Distinguish the pathological features of all variants of invasive breast cancer. 

Invasive ductal carcinoma

most common breast cancer

gross: gray, gritty, hard, irregular, stellate

micro: cords and nests of tumor cells

39

Distinguish the pathological features of all variants of invasive breast cancer.

Infiltrating lobular carcinoma

gross: no mass lesion, excised tissue may look normal

micro: small cells that infiltrate stroma in single file, abnormal cells can grow in a target like fashion around ducts

more often multicentric, bilateral, ER positive

40

Distinguish the pathological features of all variants of invasive breast cancer.

Tubular carcinoma

well-formed tubular structures that infiltrate stroma

low-grade cuboidal or columnar cells w/ atypical cytoplasmic protrusions 

41

Distinguish the pathological features of all variants of invasive breast cancer.

Mucinous carcinoma

gross: well-circumscribed, gelatinous

micro: nests of tumors dispersed in pools of mucus

42

Profile a luminal A breast cancer 

begin in the luminal lining of mammary ducts, best prognosis, lowest recurrence, tender to be ER+ but HER2-

43

Profile a luminal B breast cancer

begin in the luminal lining, ER+, HER2-

unlike luminal A: younger pts, worse grade, larger, often positive nodes

44

Profile a triple negative breast cancer

tend to be dx in younger pts

aggressive 

BRCA-1 cancers tend to be triple negative

45

Profile a HER2 breast cancer

tend to be worse tumor grade, have positive lymph nodes, negative ER/PR, affect younger women; interestingly, can be HER2 negative

46

For breast cancer, is breast-conserving therapy better or worse in terms of survival when compared to mastectomy?

both are equivalent

47

Breast-conserving therapy should not be recommended for...

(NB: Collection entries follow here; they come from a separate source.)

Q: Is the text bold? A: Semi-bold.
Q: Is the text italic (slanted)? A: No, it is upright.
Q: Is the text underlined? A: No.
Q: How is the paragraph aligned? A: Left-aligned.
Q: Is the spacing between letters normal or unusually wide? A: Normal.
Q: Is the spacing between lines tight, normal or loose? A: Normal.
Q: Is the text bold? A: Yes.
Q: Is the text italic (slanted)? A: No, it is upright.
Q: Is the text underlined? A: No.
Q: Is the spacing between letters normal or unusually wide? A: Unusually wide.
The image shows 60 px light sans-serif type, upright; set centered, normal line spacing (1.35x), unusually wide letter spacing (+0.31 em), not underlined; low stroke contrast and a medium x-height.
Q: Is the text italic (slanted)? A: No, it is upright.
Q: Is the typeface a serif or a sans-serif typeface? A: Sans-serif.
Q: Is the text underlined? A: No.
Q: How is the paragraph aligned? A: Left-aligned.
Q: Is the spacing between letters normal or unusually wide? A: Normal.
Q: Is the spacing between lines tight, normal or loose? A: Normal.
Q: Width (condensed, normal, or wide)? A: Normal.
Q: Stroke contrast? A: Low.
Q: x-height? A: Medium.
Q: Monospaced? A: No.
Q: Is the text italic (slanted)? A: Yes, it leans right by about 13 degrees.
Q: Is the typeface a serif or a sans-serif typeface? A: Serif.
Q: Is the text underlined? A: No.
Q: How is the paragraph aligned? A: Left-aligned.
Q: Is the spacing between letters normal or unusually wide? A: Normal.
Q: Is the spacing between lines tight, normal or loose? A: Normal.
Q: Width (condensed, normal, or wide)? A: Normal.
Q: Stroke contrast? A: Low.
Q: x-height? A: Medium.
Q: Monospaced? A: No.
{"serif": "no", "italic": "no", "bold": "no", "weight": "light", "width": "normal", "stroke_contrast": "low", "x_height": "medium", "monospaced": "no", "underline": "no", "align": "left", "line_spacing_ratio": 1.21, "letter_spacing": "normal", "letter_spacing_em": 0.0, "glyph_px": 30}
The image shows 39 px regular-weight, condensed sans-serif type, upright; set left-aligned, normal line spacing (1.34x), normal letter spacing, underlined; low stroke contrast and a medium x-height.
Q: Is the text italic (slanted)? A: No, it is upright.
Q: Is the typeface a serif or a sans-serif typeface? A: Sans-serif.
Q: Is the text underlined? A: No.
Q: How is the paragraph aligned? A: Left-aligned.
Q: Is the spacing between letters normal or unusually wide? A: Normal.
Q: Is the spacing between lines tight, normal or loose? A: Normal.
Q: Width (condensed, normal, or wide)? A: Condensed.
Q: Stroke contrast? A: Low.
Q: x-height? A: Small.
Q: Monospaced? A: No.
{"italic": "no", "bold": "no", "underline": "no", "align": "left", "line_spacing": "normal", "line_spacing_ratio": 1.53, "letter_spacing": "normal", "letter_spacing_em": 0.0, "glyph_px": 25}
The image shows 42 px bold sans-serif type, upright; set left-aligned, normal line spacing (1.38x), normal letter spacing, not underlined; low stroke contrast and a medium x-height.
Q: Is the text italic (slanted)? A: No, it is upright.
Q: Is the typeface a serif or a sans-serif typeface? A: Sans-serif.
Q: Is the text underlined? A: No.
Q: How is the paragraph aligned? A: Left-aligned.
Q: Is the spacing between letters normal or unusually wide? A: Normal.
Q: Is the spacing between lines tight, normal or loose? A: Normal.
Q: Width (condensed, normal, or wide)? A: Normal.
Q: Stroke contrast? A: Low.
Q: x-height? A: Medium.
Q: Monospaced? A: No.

patients who are pregnant, have multicentric disease, a large tumor size in relation to the breast, a prior history of chest radiation, the presence of diffuse malignant calcifications on imaging, or persistent positive margins despite attempts at re-excision. 

48

Patients with suspicious axillary nodes on clinical exam need what before surgery?

axillary ultrasound and biopsy

if positive, do axillary lymph node dissection during surgery

if negative, do sentinel lymph node biopsy

if > 3 nodes positive postop, do completion axillary lymph node dissection

49

In breast cancer patients who get mastectomy, who should get adjuvant radiation

positive deep surgical margins, axillary node disease

50

Based on stage, what is the 5-year survival rate for breast cancer?

  • stage 0-1: ~100%
  • stage 2: 93%
  • stage 3: 72%
  • stage IV: 22%

51

How do you determine the need for systemic adjuvant therapy in breast cancer patients?

tumor characteristics: ER, PR, HER2

52

Do patients with triple-negative breast cancer need systemic adjuvant chemo?

if >0.5 cm

53

Do breast cancer patients that are hormone receptor positive need adjuvant chemo?

Patients with hormone receptor-positive breast cancer should undergo endocrine therapy. Adjuvant chemotherapy is also recommended for cancers with high-risk characteristics including high-grade tumors, tumors larger than 2 cm, positive axillary lymph nodes, and a high 21-gene recurrence score.